Mumbai: More car buyers intend to buy hybrid vehicles as compared to electric as their next vehicle even as the former comes at a steep premium according to a study. Factors like charging time, availability of charging infrastructure and safety of battery technology continue to impede faster adoption to BEVs (battery electric vehicles) according to the findings of Deloitte’s 2024 Global Automotive Consumer Study.
Close to 36% of the respondents surveyed in 2024 as compared to 32% in 2023 said they will prefer hybrids or PHEVs as compared to 10% for BEVs. Compared to 2023 the jump in the number of those favoring hybrids is 4 percentage points – double of what is seen among those likely to opt for EVs. Also, there’s an overall growing intent to buy a non-traditional engine vehicle-53% in 2024 compared to 49% in 2023 over petrol and diesel.

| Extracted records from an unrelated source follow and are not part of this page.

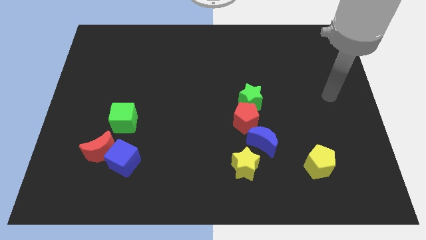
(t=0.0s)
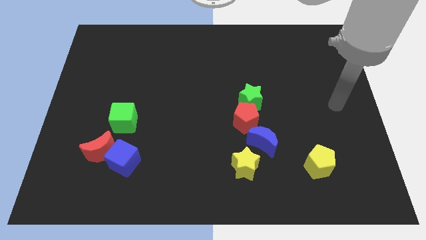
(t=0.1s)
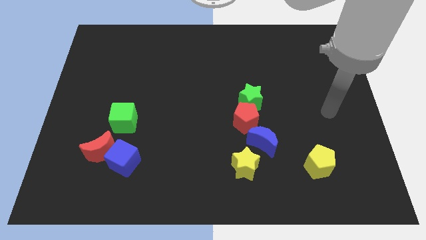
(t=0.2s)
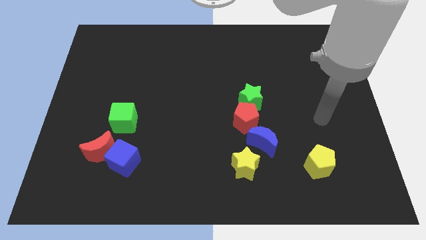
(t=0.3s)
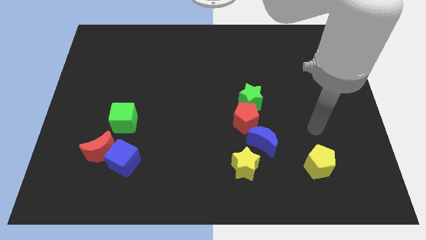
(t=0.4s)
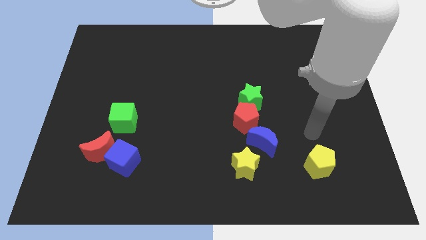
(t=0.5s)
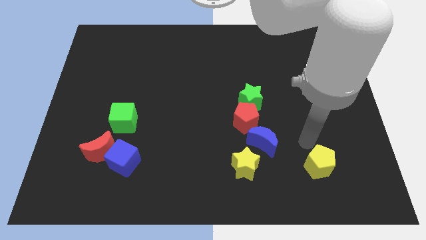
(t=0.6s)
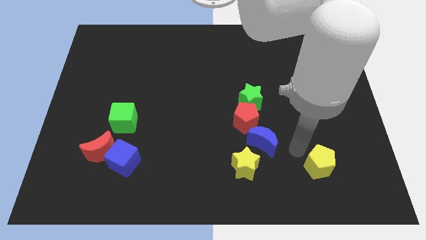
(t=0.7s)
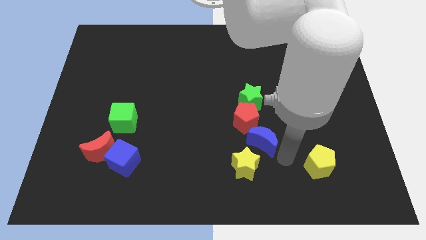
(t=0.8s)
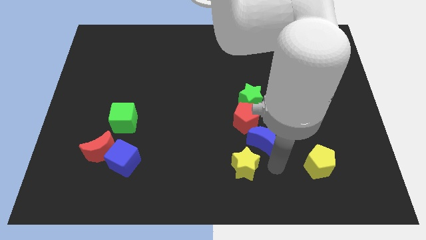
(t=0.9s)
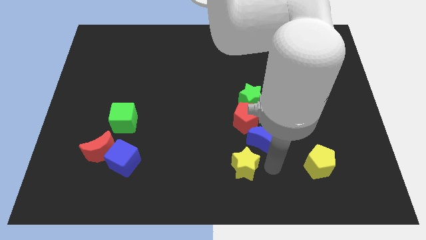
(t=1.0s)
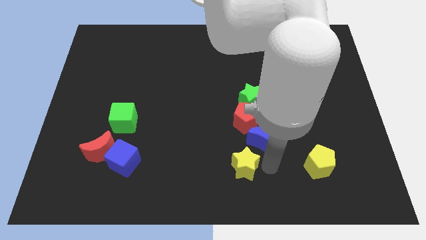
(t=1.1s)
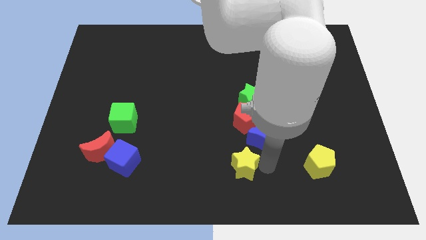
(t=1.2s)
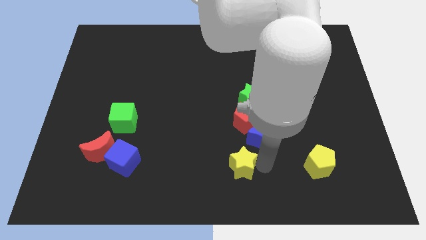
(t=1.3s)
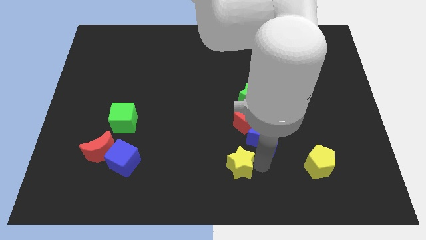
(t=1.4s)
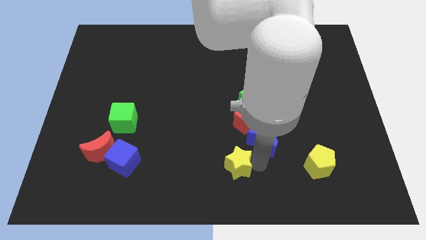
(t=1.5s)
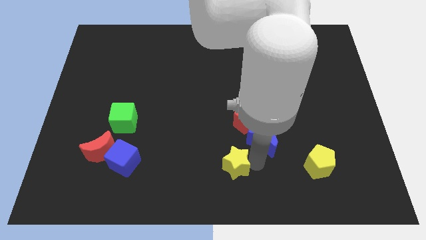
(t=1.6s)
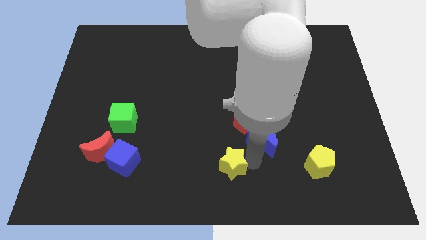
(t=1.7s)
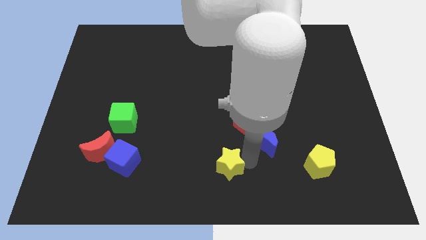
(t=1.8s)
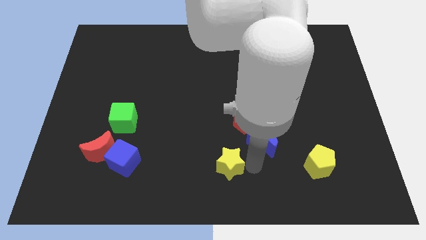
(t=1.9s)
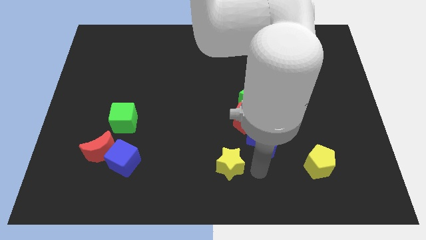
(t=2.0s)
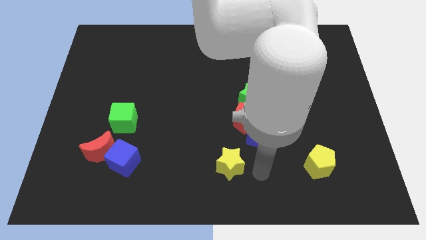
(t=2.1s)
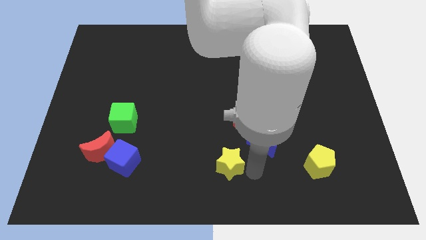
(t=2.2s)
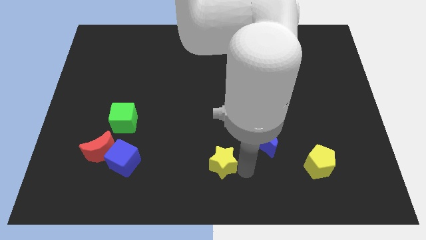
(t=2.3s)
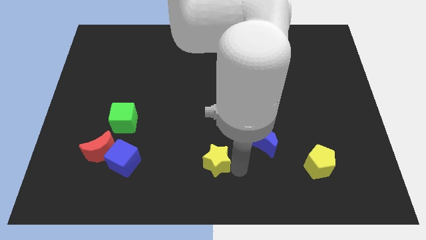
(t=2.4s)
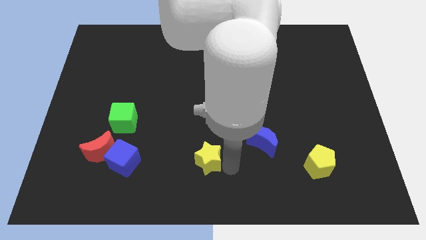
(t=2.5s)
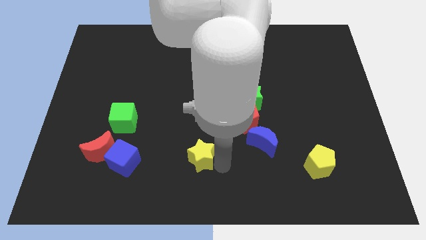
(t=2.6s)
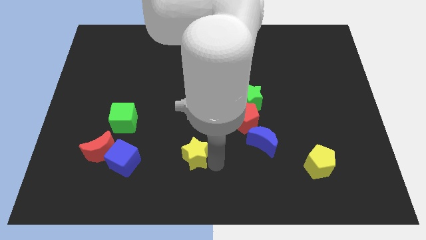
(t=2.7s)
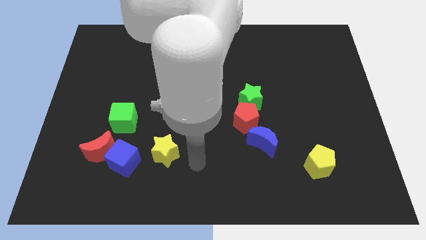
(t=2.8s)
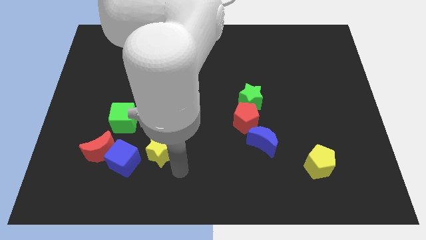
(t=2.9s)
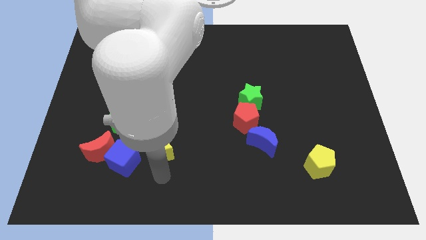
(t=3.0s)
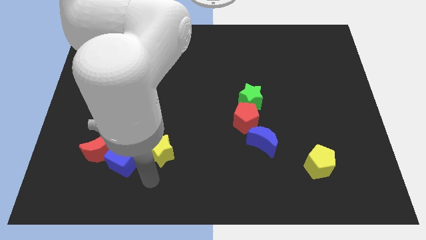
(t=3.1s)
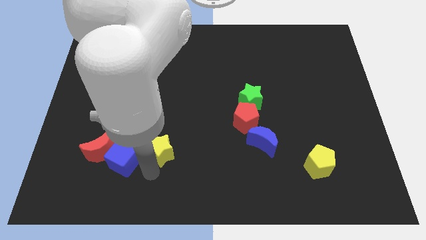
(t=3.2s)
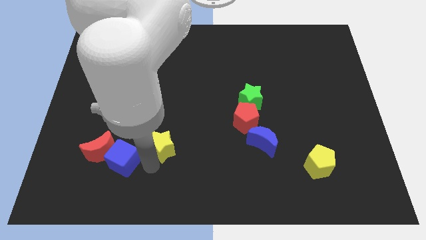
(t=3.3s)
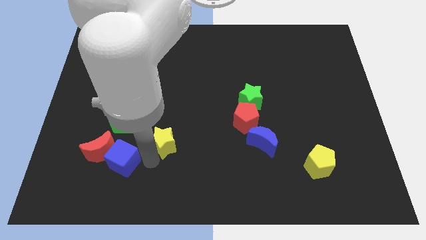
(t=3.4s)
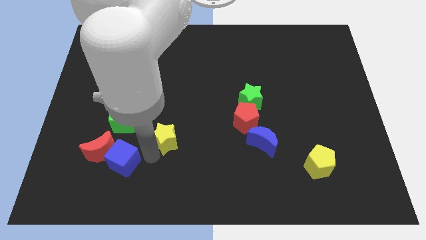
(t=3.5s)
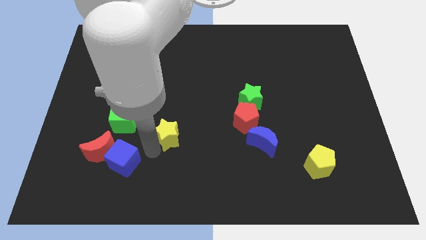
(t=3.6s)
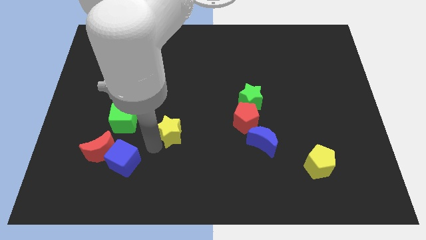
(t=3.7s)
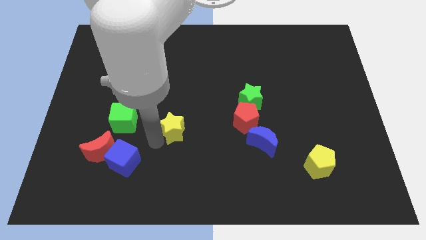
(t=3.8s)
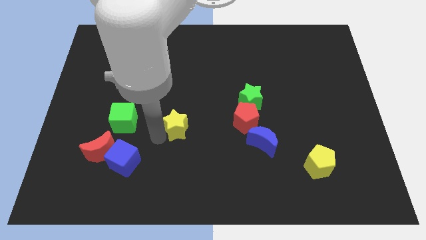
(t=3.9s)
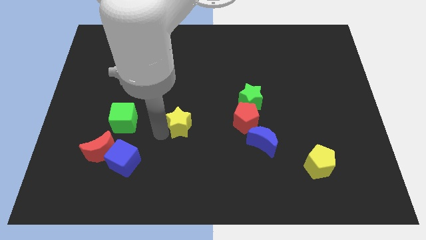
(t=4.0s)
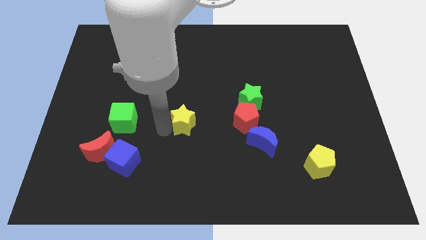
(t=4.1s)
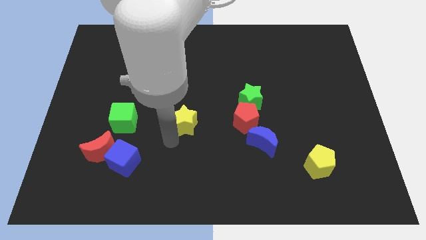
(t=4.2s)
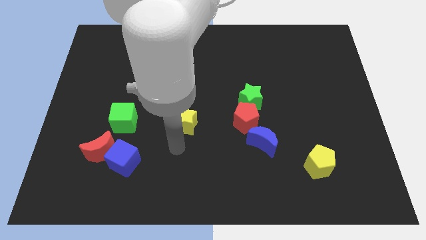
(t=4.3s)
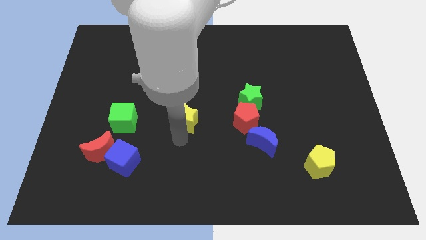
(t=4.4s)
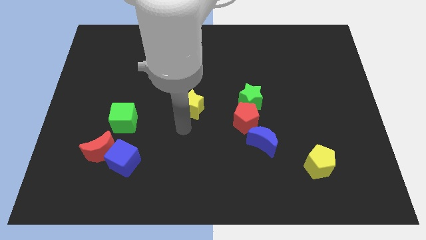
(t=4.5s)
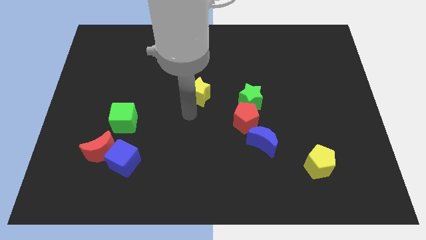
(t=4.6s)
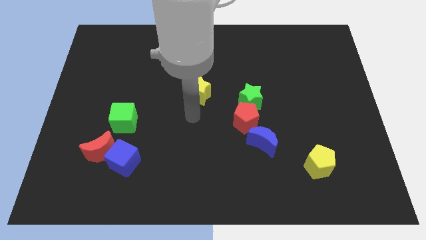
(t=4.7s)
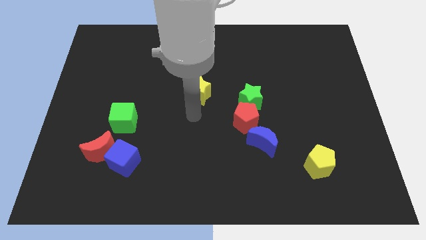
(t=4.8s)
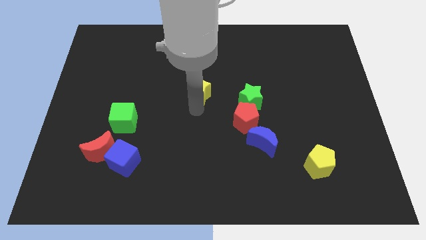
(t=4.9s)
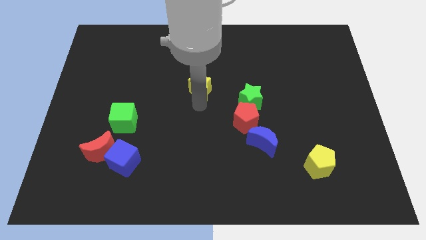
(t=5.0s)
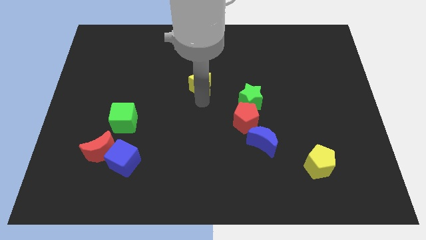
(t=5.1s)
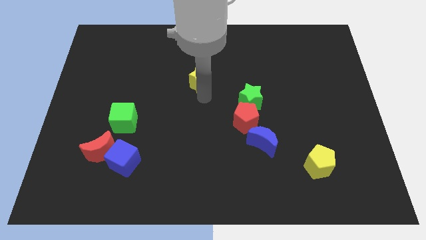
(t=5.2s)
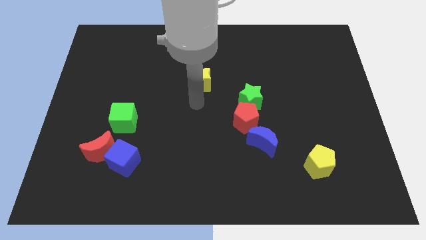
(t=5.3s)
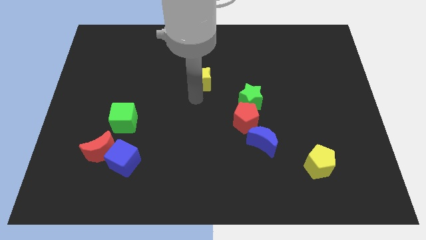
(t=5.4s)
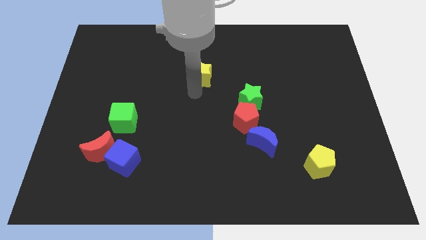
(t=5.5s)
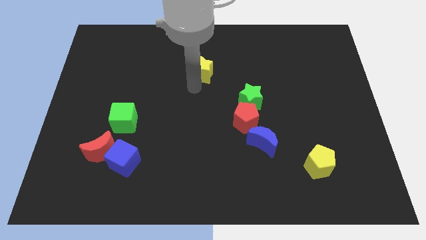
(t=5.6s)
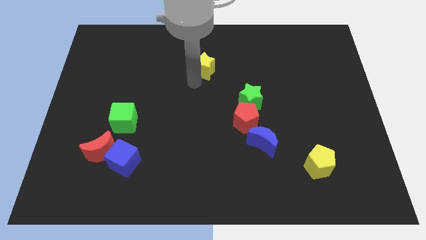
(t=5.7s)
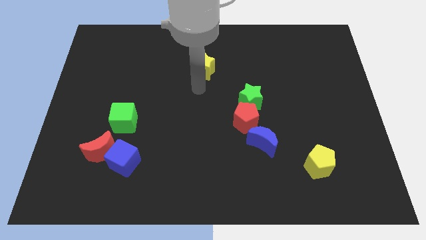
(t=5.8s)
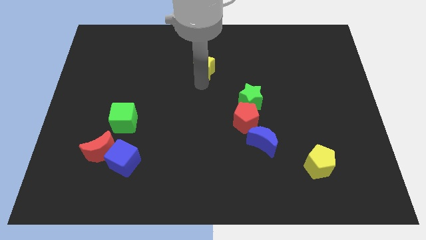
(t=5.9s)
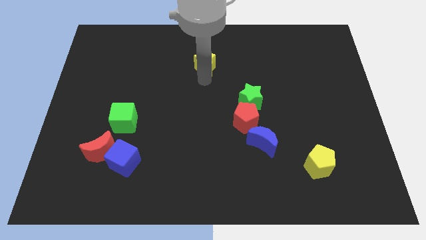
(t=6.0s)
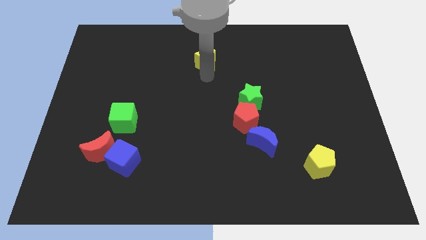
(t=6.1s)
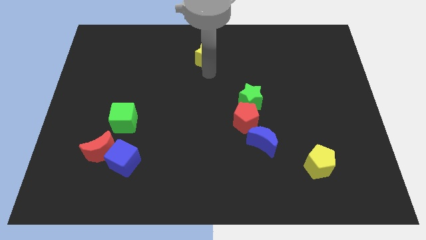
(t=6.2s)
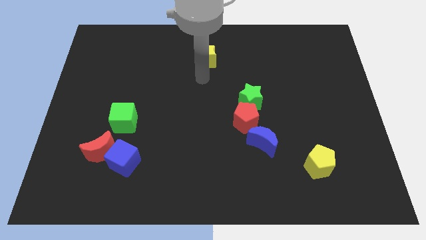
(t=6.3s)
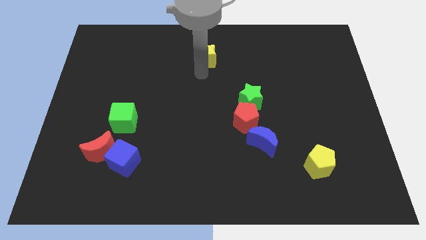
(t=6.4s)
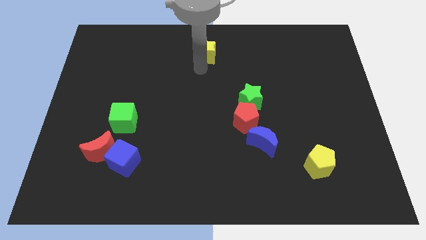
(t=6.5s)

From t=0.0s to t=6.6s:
slide the yellow star to the towards your base

The intent to buy hybrids over pure battery electric vehicles comes to the fore even as EVs benefit from state as well as central government funded incentives which in turn has allowed manufacturers to price them better as compared to hybrids. This is despite the hybrids costing more than EVs. “People want to buy hybrids over EVs as it offers peace of mind that EVs can’t,” says Rajeev Singh, partner and consumer industry leader, Deloitte Asia Pacific.

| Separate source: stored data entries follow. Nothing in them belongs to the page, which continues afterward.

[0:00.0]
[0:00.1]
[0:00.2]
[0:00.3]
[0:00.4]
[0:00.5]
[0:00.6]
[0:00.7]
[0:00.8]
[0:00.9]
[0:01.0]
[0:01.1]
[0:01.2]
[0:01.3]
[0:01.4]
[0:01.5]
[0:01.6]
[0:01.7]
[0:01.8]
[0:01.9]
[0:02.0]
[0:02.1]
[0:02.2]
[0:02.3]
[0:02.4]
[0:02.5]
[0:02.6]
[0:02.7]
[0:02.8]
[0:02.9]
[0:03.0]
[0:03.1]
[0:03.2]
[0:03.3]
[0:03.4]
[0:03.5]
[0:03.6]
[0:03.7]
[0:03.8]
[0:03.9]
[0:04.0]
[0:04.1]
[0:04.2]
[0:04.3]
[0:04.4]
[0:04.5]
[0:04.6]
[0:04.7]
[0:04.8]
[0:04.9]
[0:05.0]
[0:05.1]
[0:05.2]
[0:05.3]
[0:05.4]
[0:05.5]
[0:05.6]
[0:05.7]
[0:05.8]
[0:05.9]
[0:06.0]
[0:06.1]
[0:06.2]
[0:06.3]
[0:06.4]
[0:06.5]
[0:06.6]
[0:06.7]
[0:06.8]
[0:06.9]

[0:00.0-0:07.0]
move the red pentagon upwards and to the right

PHEVs use batteries to power an electric motor and another fuel, such as petrol or diesel, to power an internal combustion engine (ICE). PHEVs can be charged using a wall outlet or charging equipment, by the ICE, or through regenerative braking.

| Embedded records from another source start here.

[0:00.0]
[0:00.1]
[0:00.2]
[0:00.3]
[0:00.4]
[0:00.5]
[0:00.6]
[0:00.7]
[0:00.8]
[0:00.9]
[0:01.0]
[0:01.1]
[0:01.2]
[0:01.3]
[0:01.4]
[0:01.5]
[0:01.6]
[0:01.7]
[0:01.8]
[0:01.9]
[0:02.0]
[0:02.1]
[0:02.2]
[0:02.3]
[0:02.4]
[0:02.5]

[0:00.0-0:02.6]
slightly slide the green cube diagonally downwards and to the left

“For a market like India, where charging infrastructure is still underdeveloped, the government should at least incentivize PHEVs which offer the benefits similar to an EV-can be charged at home and can be switched to the ICE mode in the event of the vehicle running out of charge,” he added. To be sure, owing to the policy thrust on EVs most automakers with the exception of the Japanese, are relying solely on EVs to attain the carbon reduction goals.
The Japanese manufacturers – Toyota, Suzuki and Honda are using a multi-powertrain strategy and have been asking for incentives to make hybrids more affordable. Even without the government, the incentives have continued to launch more affordable hybrid models which has helped in increasing the share of hybrids bringing it on par with EVs – from 0.5% in 2022 to 2% in 2023, as per industry estimates. Home-grown manufacturers like Tata Motors and Mahindra that have been investing heavily on EVs are against subsidizing hybrids.
The Deloitte study also shows that those intending to purchase an EV are not willing to pay significantly higher over ICE– 27% of the respondents intending to purchase ICE said they are willing to spend Rs15-25 lakh. This percentage was only 2 percentage points higher for those who intend to buy an EV. The trend is in contrast with a market like Japan where EV intenders are willing to pay a higher premium for EVs because of better affordability and environment consciousness, said Singh.
“In India, while buyers talk about environmentally friendly technology, not many are willing to pay when it comes to hitting the rubber to the road,” he said. For this reason, subsidies become important in bridging the gap. One of the reasons EV makers in India would want the incentives to continue over the next few years till EV penetration reaches 20%, he noted.